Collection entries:
○ ○ ○

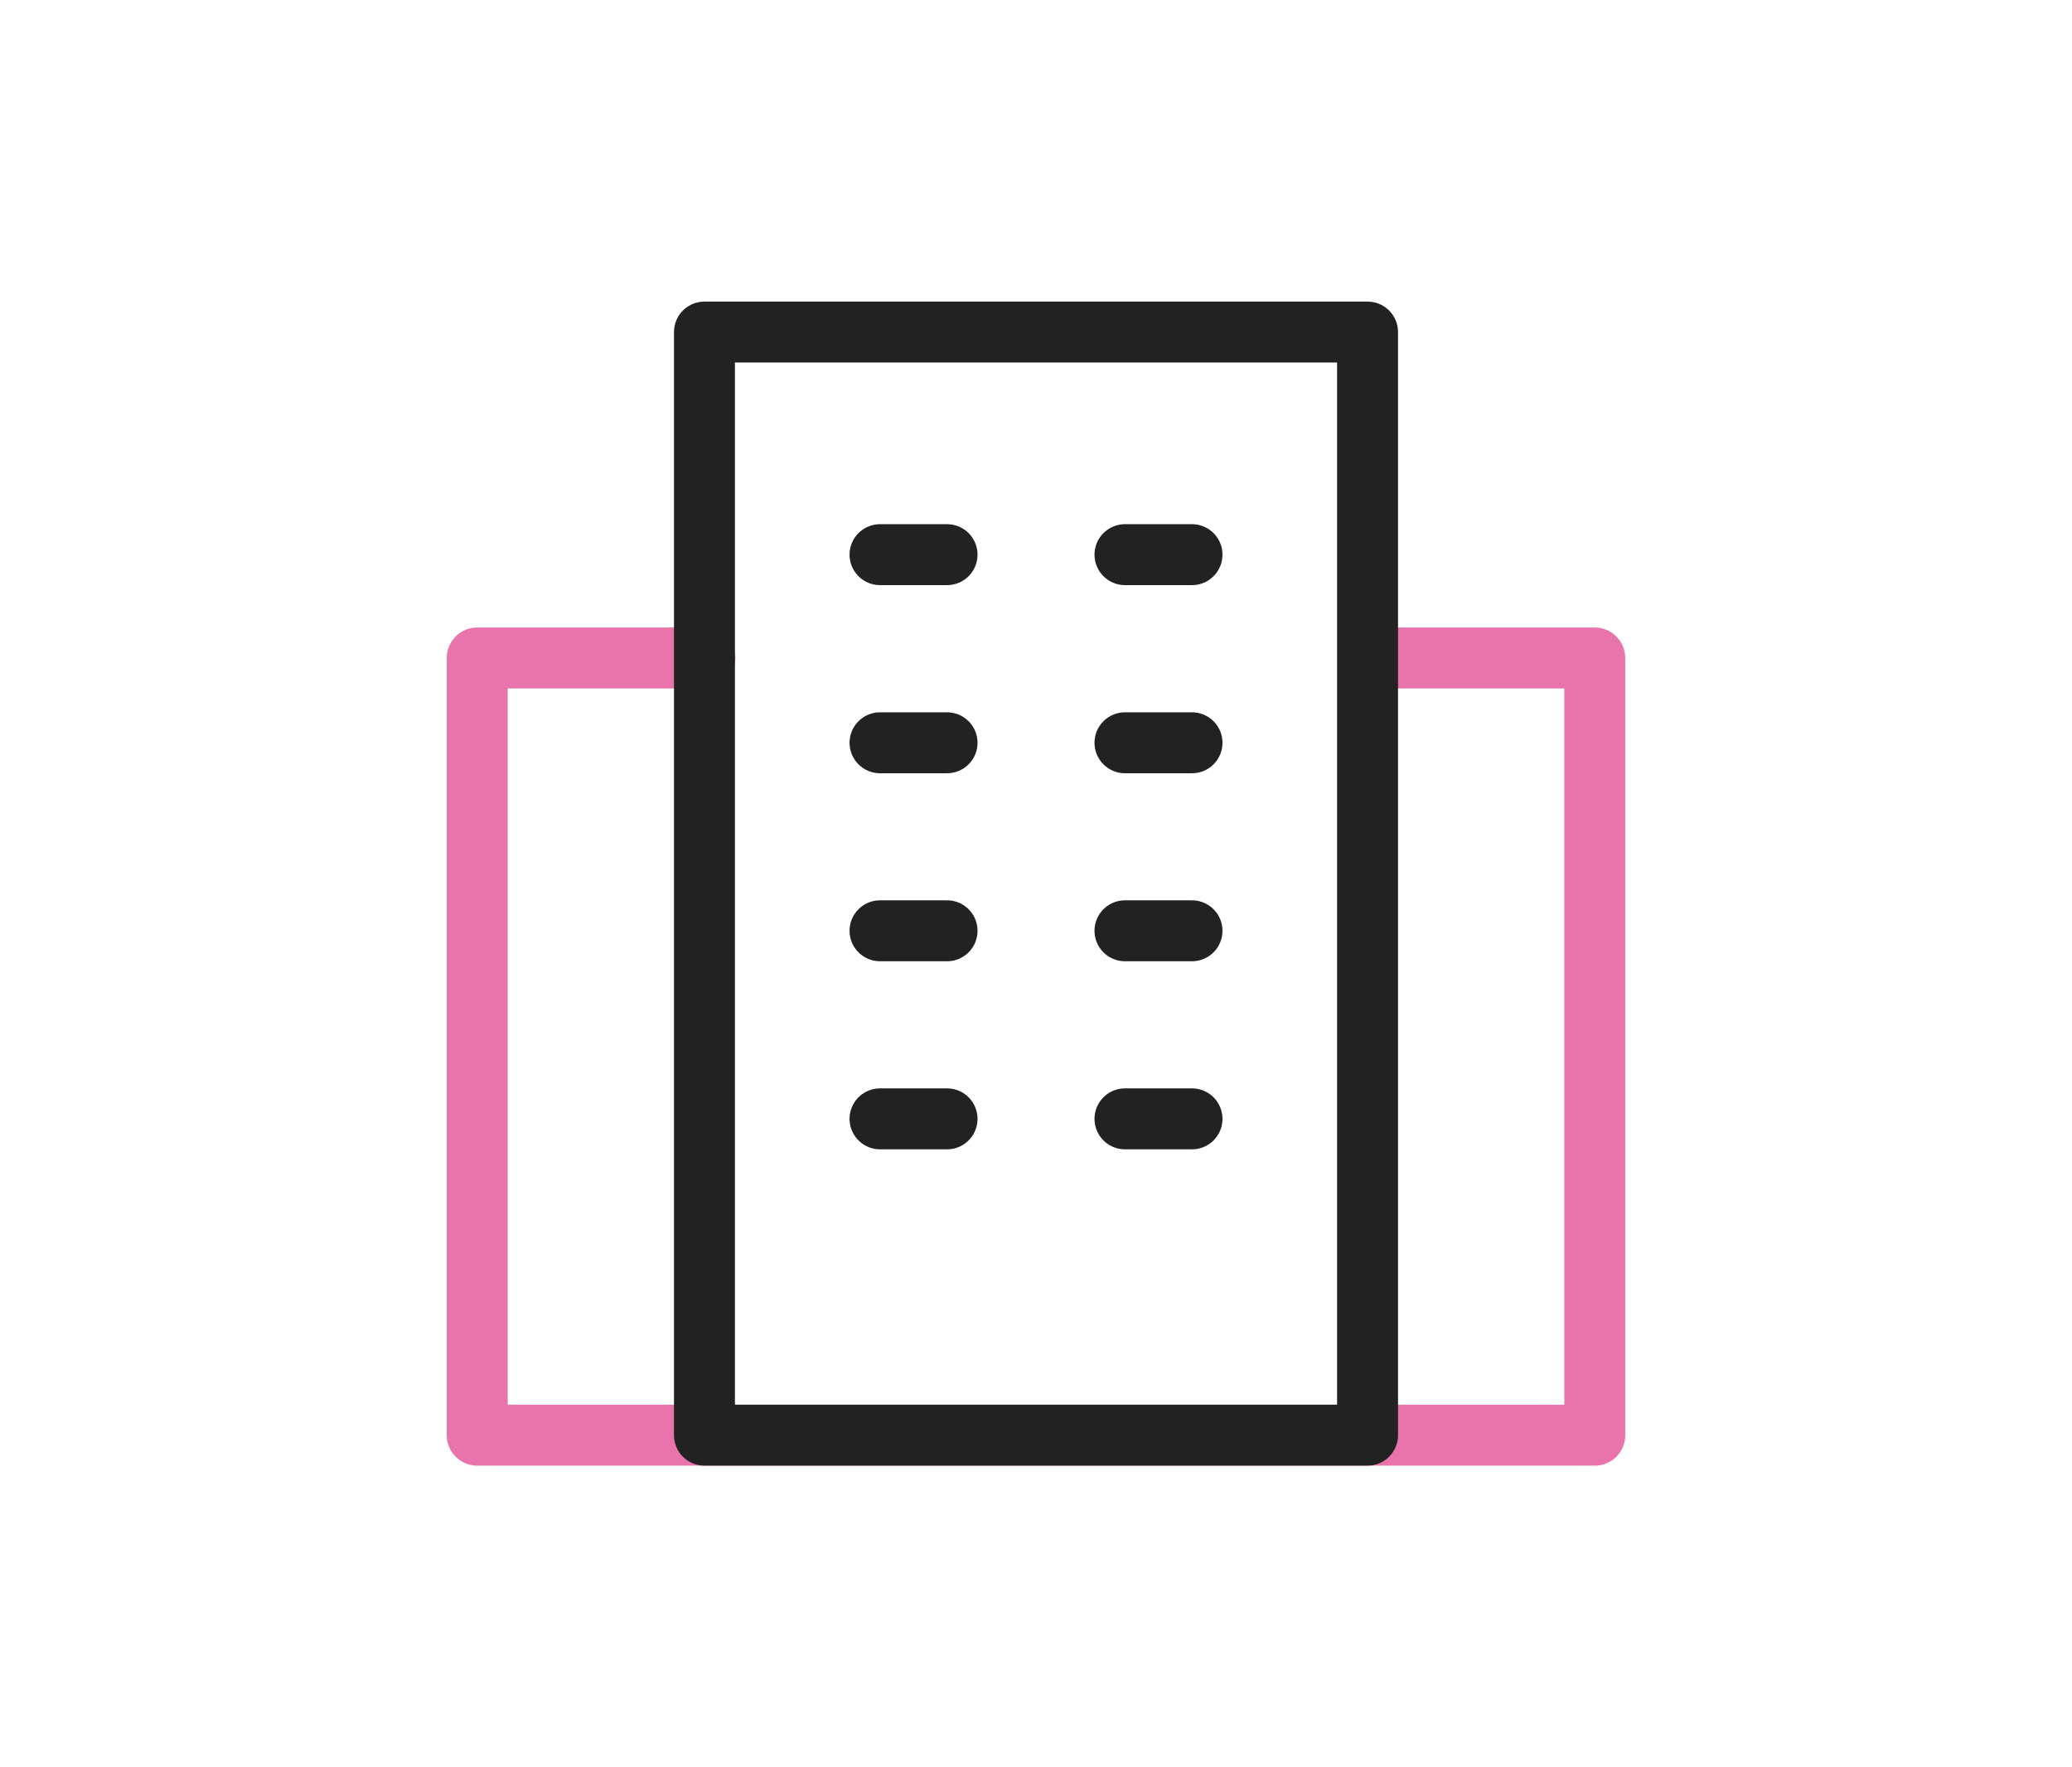 <svg width="68" height="58" viewBox="0 0 68 58" fill="none" xmlns="http://www.w3.org/2000/svg">
<path d="M23.134 21.594H15.662V47.101H52.338V21.594H44.997" stroke="#E974AC" stroke-width="2" stroke-linecap="round" stroke-linejoin="round"/>
<path d="M44.881 10.898H23.119V47.1H44.881V10.898Z" stroke="#222222" stroke-width="2" stroke-linecap="round" stroke-linejoin="round"/>
<path d="M39.12 18.203H36.92" stroke="#222222" stroke-width="2" stroke-linecap="round" stroke-linejoin="round"/>
<path d="M31.081 18.203H28.881" stroke="#222222" stroke-width="2" stroke-linecap="round" stroke-linejoin="round"/>
<path d="M39.12 24.377H36.92" stroke="#222222" stroke-width="2" stroke-linecap="round" stroke-linejoin="round"/>
<path d="M31.081 24.377H28.881" stroke="#222222" stroke-width="2" stroke-linecap="round" stroke-linejoin="round"/>
<path d="M39.12 30.547H36.92" stroke="#222222" stroke-width="2" stroke-linecap="round" stroke-linejoin="round"/>
<path d="M31.081 30.547H28.881" stroke="#222222" stroke-width="2" stroke-linecap="round" stroke-linejoin="round"/>
<path d="M39.12 36.719H36.92" stroke="#222222" stroke-width="2" stroke-linecap="round" stroke-linejoin="round"/>
<path d="M31.081 36.719H28.881" stroke="#222222" stroke-width="2" stroke-linecap="round" stroke-linejoin="round"/>
</svg>

○ ○ ○

## What you should do
Once the pictures are set aside, repeat each entry exactly as it stands.

## Result
 <svg width="68" height="58" viewBox="0 0 68 58" fill="none" xmlns="http://www.w3.org/2000/svg">
<path d="M23.134 21.594H15.662V47.101H52.338V21.594H44.997" stroke="#E974AC" stroke-width="2" stroke-linecap="round" stroke-linejoin="round"/>
<path d="M44.881 10.898H23.119V47.1H44.881V10.898Z" stroke="#222222" stroke-width="2" stroke-linecap="round" stroke-linejoin="round"/>
<path d="M39.12 18.203H36.92" stroke="#222222" stroke-width="2" stroke-linecap="round" stroke-linejoin="round"/>
<path d="M31.081 18.203H28.881" stroke="#222222" stroke-width="2" stroke-linecap="round" stroke-linejoin="round"/>
<path d="M39.12 24.377H36.92" stroke="#222222" stroke-width="2" stroke-linecap="round" stroke-linejoin="round"/>
<path d="M31.081 24.377H28.881" stroke="#222222" stroke-width="2" stroke-linecap="round" stroke-linejoin="round"/>
<path d="M39.12 30.547H36.92" stroke="#222222" stroke-width="2" stroke-linecap="round" stroke-linejoin="round"/>
<path d="M31.081 30.547H28.881" stroke="#222222" stroke-width="2" stroke-linecap="round" stroke-linejoin="round"/>
<path d="M39.12 36.719H36.92" stroke="#222222" stroke-width="2" stroke-linecap="round" stroke-linejoin="round"/>
<path d="M31.081 36.719H28.881" stroke="#222222" stroke-width="2" stroke-linecap="round" stroke-linejoin="round"/>
</svg>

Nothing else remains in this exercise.